Personal information
- Full name: Charles Walter Albyn Napier
- Born: 28 October 1817 East Pennard, Somerset, England
- Died: 23 December 1908 (aged 91) Chichester, Sussex, England
- Batting: Unknown
- Bowling: Unknown-arm fast
- Relations: Milo Talbot (nephew)

Domestic team information
- 1838: Marylebone Cricket Club
- 1838–1839: Oxford University

Career statistics
| Competition | First-class |
| Matches | 8 |
| Runs scored | 120 |
| Batting average | 8.57 |
| 100s/50s | –/– |
| Top score | 21 |
| Catches/stumpings | 2/– |
- Source: Cricinfo, 14 July 2019

= Charles Napier (cricketer) =

English cricketer and clergyman

Charles Walter Albyn Napier (28 October 1817 - 23 December 1908) was an English first-class cricketer and clergyman.

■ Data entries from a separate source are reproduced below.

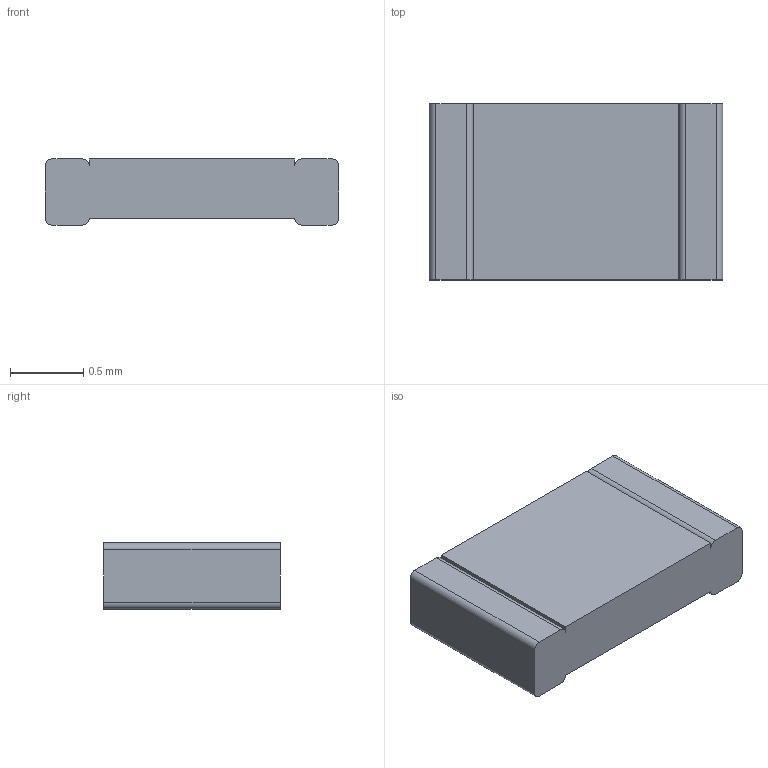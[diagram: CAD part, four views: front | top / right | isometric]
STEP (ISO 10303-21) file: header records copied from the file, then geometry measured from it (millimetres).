
FILE_DESCRIPTION(/* description */ ('STEP AP242','CAx-IF Rec.Pracs.---Representation and Presentation of Product Manufacturing Information (PMI)---4.0---2014-10-13','CAx-IF Rec.Pracs.---3D Tessellated Geometry---0.4---2014-09-14','2;1'),/* implementation_level */ '2;1');
FILE_NAME(/* name */ 'Main Assembly - R_0805_2012Metric (4)',/* time_stamp */ '2024-12-17T02:49:02Z',/* author */ (''),/* organization */ (''),/* preprocessor_version */ 'ST-DEVELOPER v20',/* originating_system */ 'ONSHAPE BY PTC INC, 1.191',/* authorisation */ ' ');
FILE_SCHEMA (('AP242_MANAGED_MODEL_BASED_3D_ENGINEERING_MIM_LF { 1 0 10303 442 1 1 4 }'));
Length unit declared in the file: metre
Products named in the file (1): R_0805_2012Metric
Bounding box: 2 x 1.2 x 0.45 mm (x, y, z)
Volume: 1 mm3; surface area: 7.7 mm2
Topology: 1 solids, 1 shells, 20 faces, 54 edges, 36 vertices
Faces by surface type: plane 12, cylinder 8
Entity records: 686 total; most frequent: DIRECTION 112, CARTESIAN_POINT 111, ORIENTED_EDGE 108, EDGE_CURVE 54, LINE 38, VECTOR 38, AXIS2_PLACEMENT_3D 37, VERTEX_POINT 36

The son of Gerard Martin Berkely Napier and his wife, Mary Paul Napier, he was born at East Pennard, Somerset. He was educated at Harrow School, before going up to Christ Church, Oxford. While studying at Oxford, he made his debut in first-class cricket for the Marylebone Cricket Club (MCC) against Oxford University at Oxford in 1838, following this up by featuring in the return fixture at Lord's. In the same year he made his debut for Oxford University against Cambridge University, before featuring in three further matches for Oxford in 1839 and obtaining his blue. He also featured for a combined Oxford and Cambridge Universities cricket team against the MCC in 1839. His final first-class appearance came in 1841 for the Fast Bowlers in the Fast v Slow match of 1841 at Lord's.

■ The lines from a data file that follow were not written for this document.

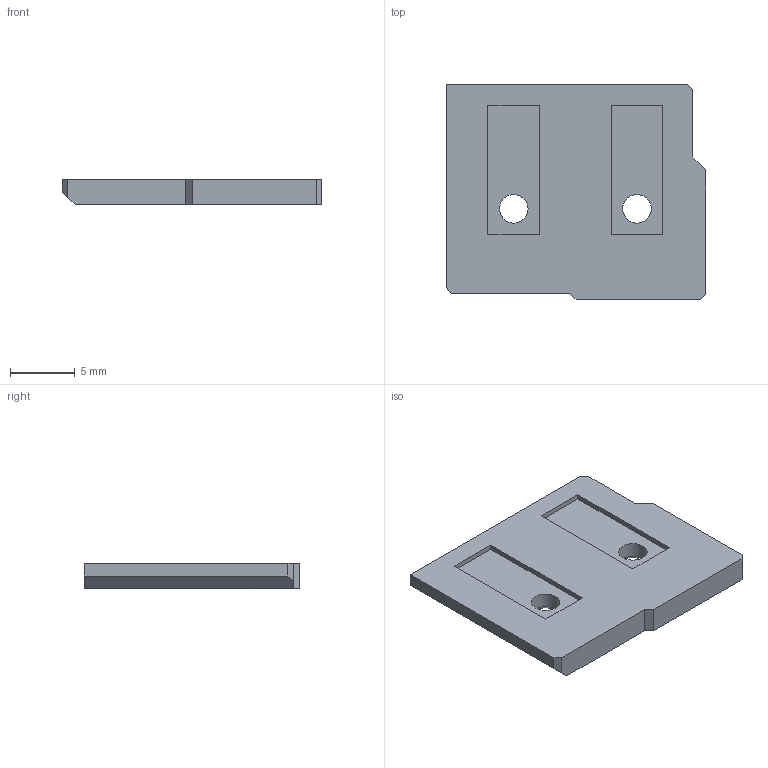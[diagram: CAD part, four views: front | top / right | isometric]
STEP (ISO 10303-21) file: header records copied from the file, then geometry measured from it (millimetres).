
FILE_DESCRIPTION(('FreeCAD Model'),'2;1');
FILE_NAME('y-end-stop-cap.step','2020-04-13T20:25:04',('Author'),(''), 'Open CASCADE STEP processor 7.3','FreeCAD','Unknown');
FILE_SCHEMA(('AUTOMOTIVE_DESIGN { 1 0 10303 214 1 1 1 1 }'));
Length unit declared in the file: millimetre
Products named in the file (1): Chamfer006021
Bounding box: 20 x 16.6 x 2 mm (x, y, z)
Volume: 588.2 mm3; surface area: 801.1 mm2
Topology: 1 solids, 1 shells, 28 faces, 70 edges, 46 vertices
Faces by surface type: plane 24, cone 2, cylinder 2
Full cylindrical faces by diameter (mm): 2.2 x2
Entity records: 1936 total; most frequent: CARTESIAN_POINT 299, DIRECTION 260, LINE 186, VECTOR 186, ORIENTED_EDGE 140, PCURVE 140, DEFINITIONAL_REPRESENTATION 140, EDGE_CURVE 70

After graduating from Oxford, he became an Anglican clergyman. He was the vicar of St Peter's Church at Evercreech in 1843, before becoming the rector at Wiston, Sussex. He was later the prebendary of Chichester Cathedral. He died at Chichester in December 1908. His wife, Marianne Flora Etruria Talbot, the daughter of James Talbot, 3rd Baron Talbot of Malahide, predeceased him by 30 years. The couple had two sons. His nephew, Milo Talbot, also played first-class cricket.